How to adapt automation to customise mass production

Date 16-10-2024 Tekniker

Tekniker is currently leading the ADAPTA project aimed at designing and developing AI solutions which, once incorporated to robotic systems, will make it possible to automate tasks related to logistics, maintenance and assemblage.

Mass customization is a business strategy that allows companies to adapt their offers to customers and meet their specific needs whilst minimising costs and maximising efficiency. In a nutshell, it’s all about creating unique products or services for each customer.

As this trend has brought about a constant and rapid evolution in many sectors, it is becoming increasingly difficult to incorporate the conventional automation strategies already used in the automotive business or in the capital goods sector as both require sizeable investments and a long time to recover.

Tekniker, a member of the Basque Research and Technology Alliance, is leading the ADAPTA research project funded by the TransMisiones programme sponsored by the Spanish Government to address the challenge of finding an alternative automation system for manufacturers encountering production variability in order to increase their production levels.

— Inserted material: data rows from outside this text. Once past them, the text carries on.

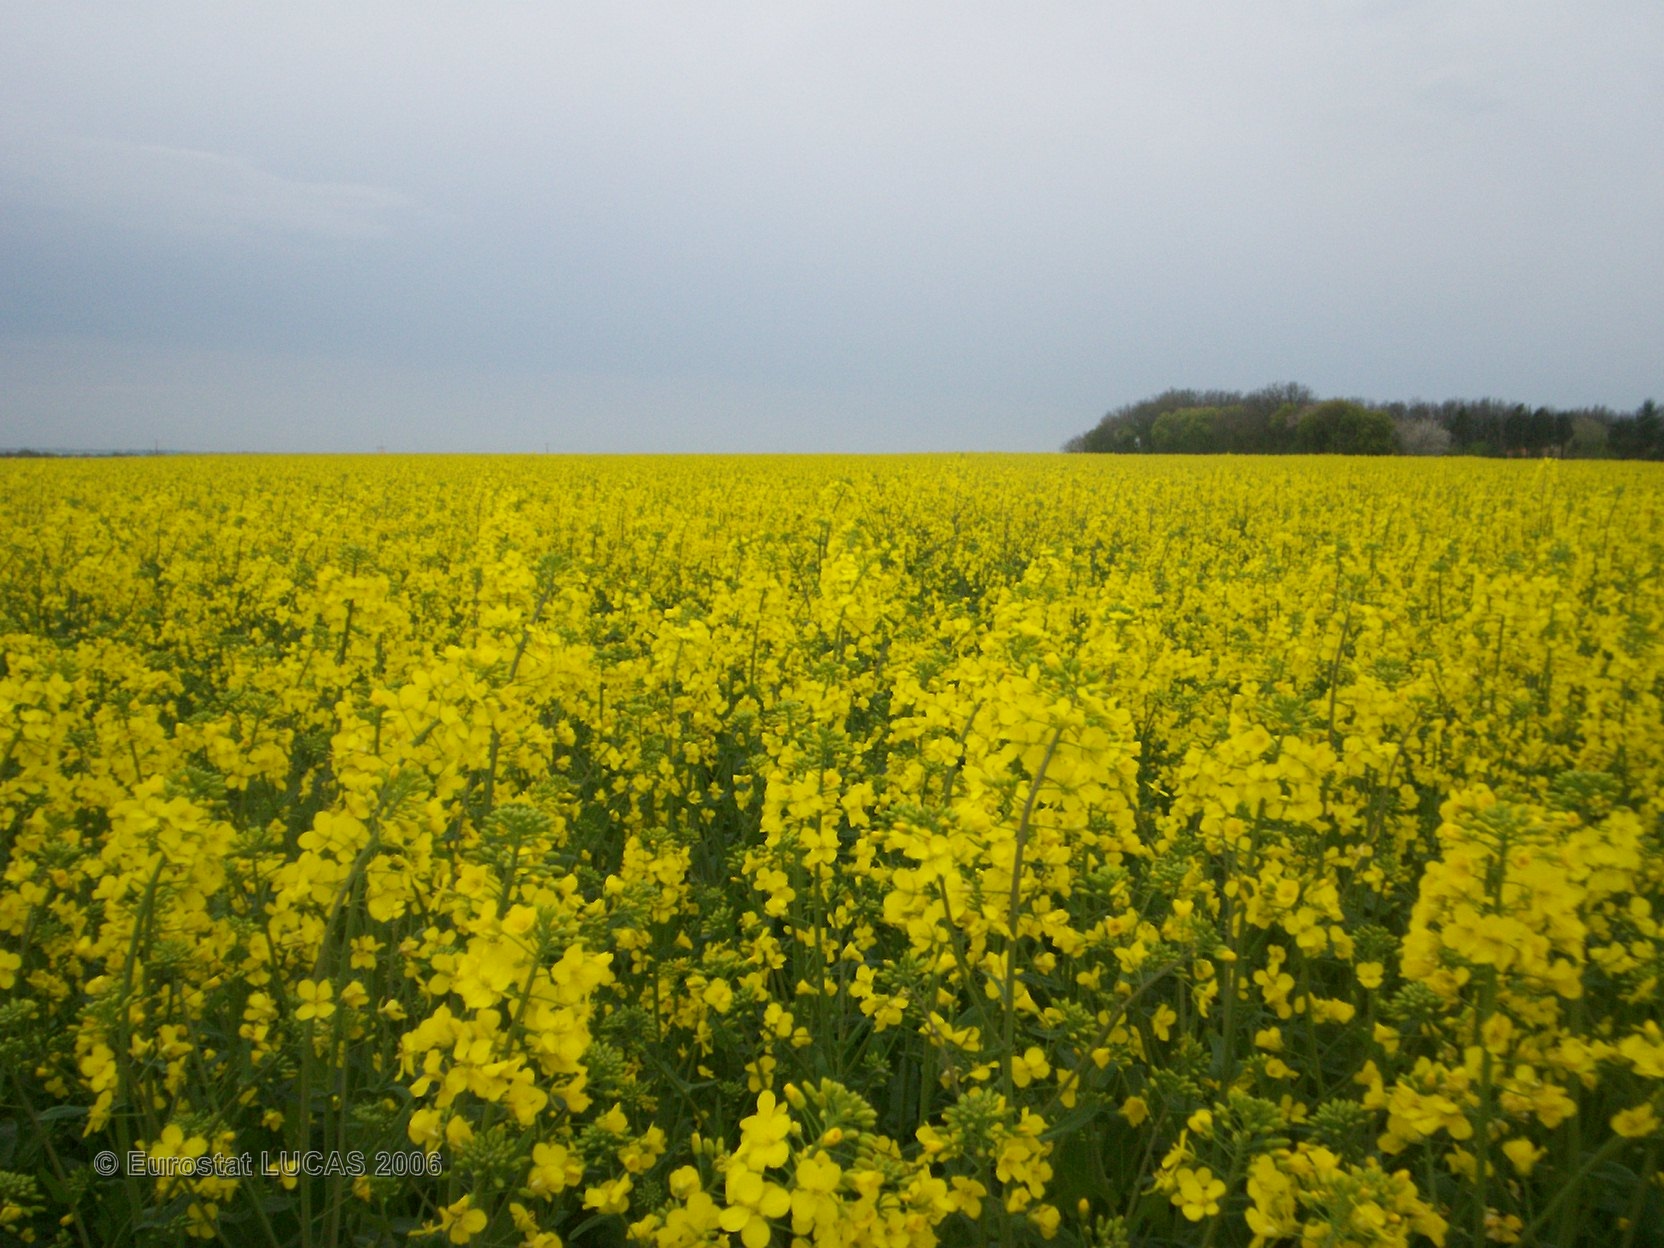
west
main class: Cropland
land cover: Rape and turnip rape
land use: Agriculture (excluding fallow land and kitchen gardens)
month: April
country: FR
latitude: 46.1214
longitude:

The main goal of this initiative consists in designing and implementing a resilient and configurable production model so factories may fully adapt to changes in the environment and do so with total resilience.

Consequently, the project will mainly focus on improving the perception capabilities of robotic systems currently in use by incorporating vision-based solutions, AI, integrated sensors plus 2D and 3D images.

Throughout this initiative, efforts will be made to develop handling systems to adapt to unknown or changing situations with minimal human presence and enhanced interactions to provide a collaborative production environment.

As the organisation in charge of scientific matters, Tekniker will develop AI models to recognise spaces, identify objects and deploy handling solutions based on models generating gripping points automatically.

Demonstration learning techniques will be used, moreover, to speed up the definition of assembly and handling tasks and to shorten programming stages; digital infrastructures will be set up to further interoperability, to foster secure and sovereign data sharing and to enhance life cycle management of automatic learning systems.

Validation in an industrial scenario

The methodology proposed by the ADAPTA project includes the validation of results obtained in an industrial scenario to be provided by Schréder, one of the project partners, at the company’s lamp assembly plant situated in the province of Guadalajara where about 50% of the multinational group’s worldwide production is based.

More specifically, three representative cases related to handling, assembly and logistics in multiple production scenarios will be tested: the loading and unloading of products on the paint line, the collaborative assembly line and the autonomous system used to load finished products on trucks.

With funding provided by the TransMisiones programme of the Ministry of Science, Innovation and Universities of the Spanish Government, the ADAPTA project features a consortium coordinated by Tekniker and made up of Smarttech, CT Ingenieros de Catalunya Aeronáuticos, de Automoción e Industriales, Automatización de Sistemas y Aplicaciones Industriales (ASAI), División Industrial Artisteril, Bcnvision, Schréder Socelec, Eurecat and the Carlos III University of Madrid.